» Exercise details
Print again, word for word, all of the records below, and leave the pictures out.

» Exercise input
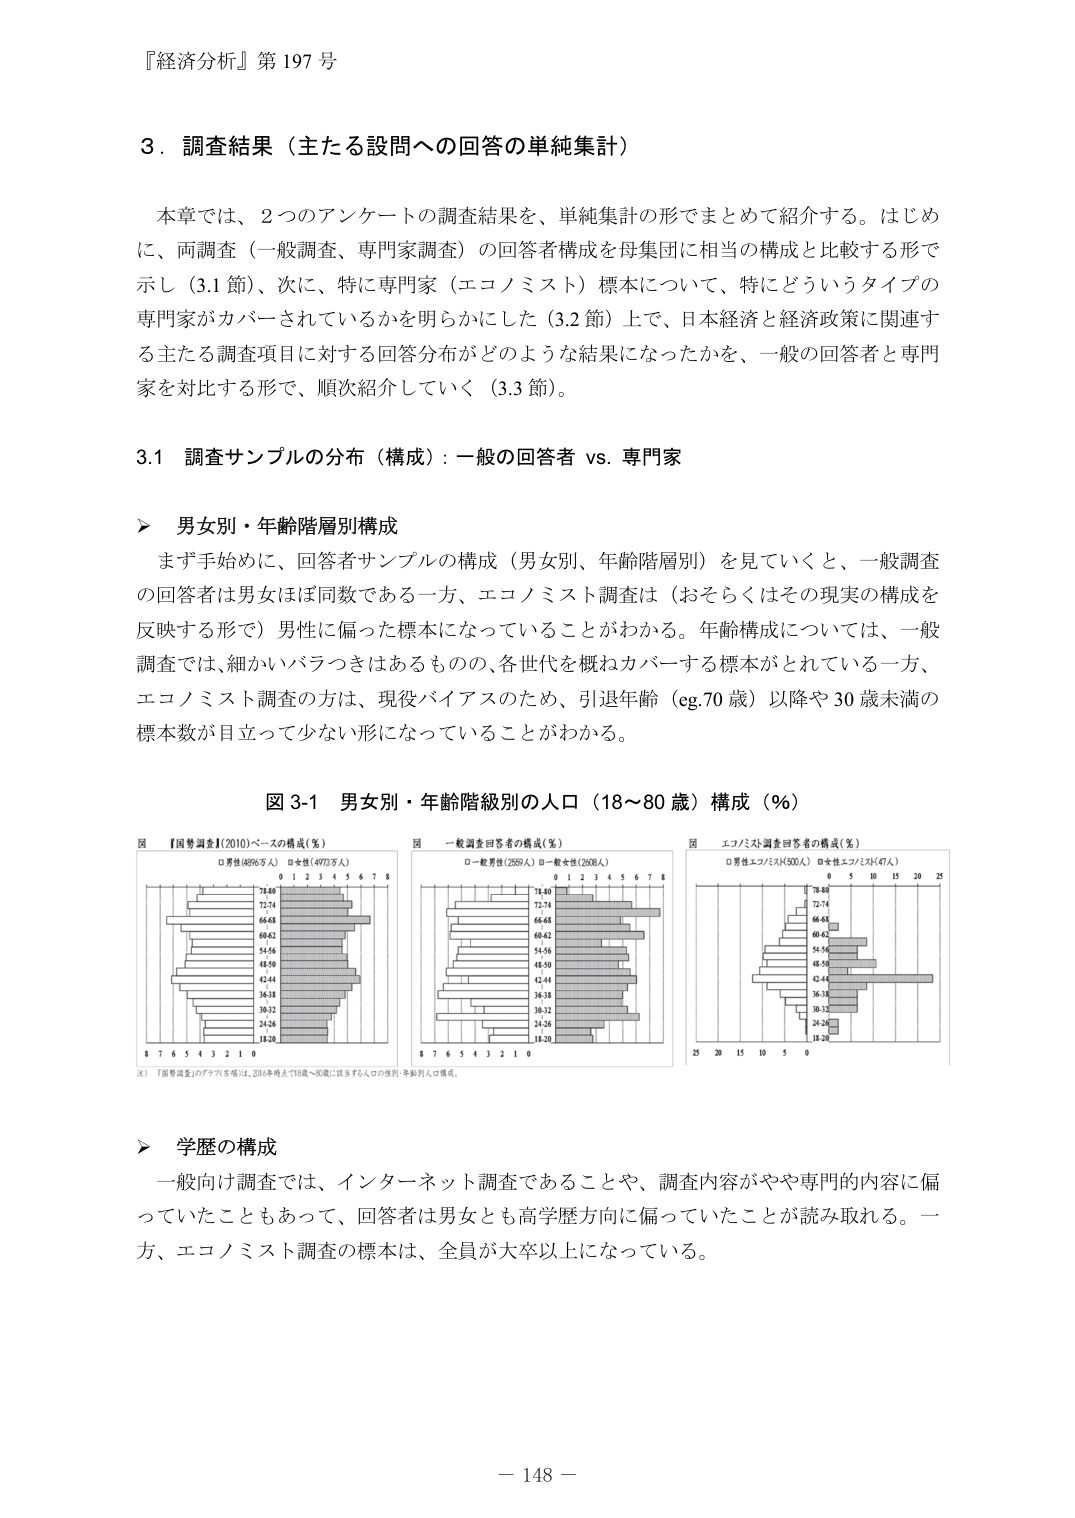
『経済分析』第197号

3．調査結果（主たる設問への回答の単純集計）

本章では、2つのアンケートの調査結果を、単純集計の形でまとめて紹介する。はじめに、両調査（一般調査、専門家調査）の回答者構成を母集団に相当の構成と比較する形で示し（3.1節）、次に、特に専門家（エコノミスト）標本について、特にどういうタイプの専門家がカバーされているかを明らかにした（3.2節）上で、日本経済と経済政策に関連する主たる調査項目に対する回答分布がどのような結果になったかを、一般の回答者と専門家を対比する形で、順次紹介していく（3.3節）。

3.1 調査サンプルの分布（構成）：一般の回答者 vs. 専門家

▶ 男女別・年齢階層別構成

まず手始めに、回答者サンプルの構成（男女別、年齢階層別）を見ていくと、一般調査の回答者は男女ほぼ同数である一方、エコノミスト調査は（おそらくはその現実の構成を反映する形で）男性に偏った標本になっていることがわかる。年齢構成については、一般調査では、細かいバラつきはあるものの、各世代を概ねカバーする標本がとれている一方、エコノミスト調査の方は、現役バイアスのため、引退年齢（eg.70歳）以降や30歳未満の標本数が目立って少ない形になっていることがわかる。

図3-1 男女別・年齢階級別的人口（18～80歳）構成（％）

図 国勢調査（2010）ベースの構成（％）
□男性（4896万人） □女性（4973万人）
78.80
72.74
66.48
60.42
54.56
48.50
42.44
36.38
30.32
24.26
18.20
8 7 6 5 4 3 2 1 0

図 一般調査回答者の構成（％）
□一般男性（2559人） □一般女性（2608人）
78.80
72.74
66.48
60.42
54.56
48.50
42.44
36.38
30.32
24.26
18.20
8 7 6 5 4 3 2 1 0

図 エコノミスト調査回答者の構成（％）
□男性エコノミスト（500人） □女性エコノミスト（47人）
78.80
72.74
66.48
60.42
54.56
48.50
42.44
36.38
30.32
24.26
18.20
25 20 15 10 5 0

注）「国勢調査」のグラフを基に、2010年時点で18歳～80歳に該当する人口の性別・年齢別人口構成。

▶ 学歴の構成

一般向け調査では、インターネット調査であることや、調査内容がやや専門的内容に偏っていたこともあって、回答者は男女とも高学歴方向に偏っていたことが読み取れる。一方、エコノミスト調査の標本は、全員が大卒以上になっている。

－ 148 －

» Response to the task
『経済分析』第197号

3．調査結果（主たる設問への回答の単純集計）

本章では、2つのアンケートの調査結果を、単純集計の形でまとめて紹介する。はじめに、両調査（一般調査、専門家調査）の回答者構成を母集団に相当の構成と比較する形で示し（3.1節）、次に、特に専門家（エコノミスト）標本について、特にどういうタイプの専門家がカバーされているかを明らかにした（3.2節）上で、日本経済と経済政策に関連する主たる調査項目に対する回答分布がどのような結果になったかを、一般の回答者と専門家を対比する形で、順次紹介していく（3.3節）。

3.1 調査サンプルの分布（構成）：一般の回答者 vs. 専門家

▶ 男女別・年齢階層別構成

まず手始めに、回答者サンプルの構成（男女別、年齢階層別）を見ていくと、一般調査の回答者は男女ほぼ同数である一方、エコノミスト調査は（おそらくはその現実の構成を反映する形で）男性に偏った標本になっていることがわかる。年齢構成については、一般調査では、細かいバラつきはあるものの、各世代を概ねカバーする標本がとれている一方、エコノミスト調査の方は、現役バイアスのため、引退年齢（eg.70歳）以降や30歳未満の標本数が目立って少ない形になっていることがわかる。

図3-1 男女別・年齢階級別的人口（18～80歳）構成（％）

図 国勢調査（2010）ベースの構成（％）
□男性（4896万人） □女性（4973万人）
78.80
72.74
66.48
60.42
54.56
48.50
42.44
36.38
30.32
24.26
18.20
8 7 6 5 4 3 2 1 0

図 一般調査回答者の構成（％）
□一般男性（2559人） □一般女性（2608人）
78.80
72.74
66.48
60.42
54.56
48.50
42.44
36.38
30.32
24.26
18.20
8 7 6 5 4 3 2 1 0

図 エコノミスト調査回答者の構成（％）
□男性エコノミスト（500人） □女性エコノミスト（47人）
78.80
72.74
66.48
60.42
54.56
48.50
42.44
36.38
30.32
24.26
18.20
25 20 15 10 5 0

注）「国勢調査」のグラフを基に、2010年時点で18歳～80歳に該当する人口の性別・年齢別人口構成。

▶ 学歴の構成

一般向け調査では、インターネット調査であることや、調査内容がやや専門的内容に偏っていたこともあって、回答者は男女とも高学歴方向に偏っていたことが読み取れる。一方、エコノミスト調査の標本は、全員が大卒以上になっている。

－ 148 －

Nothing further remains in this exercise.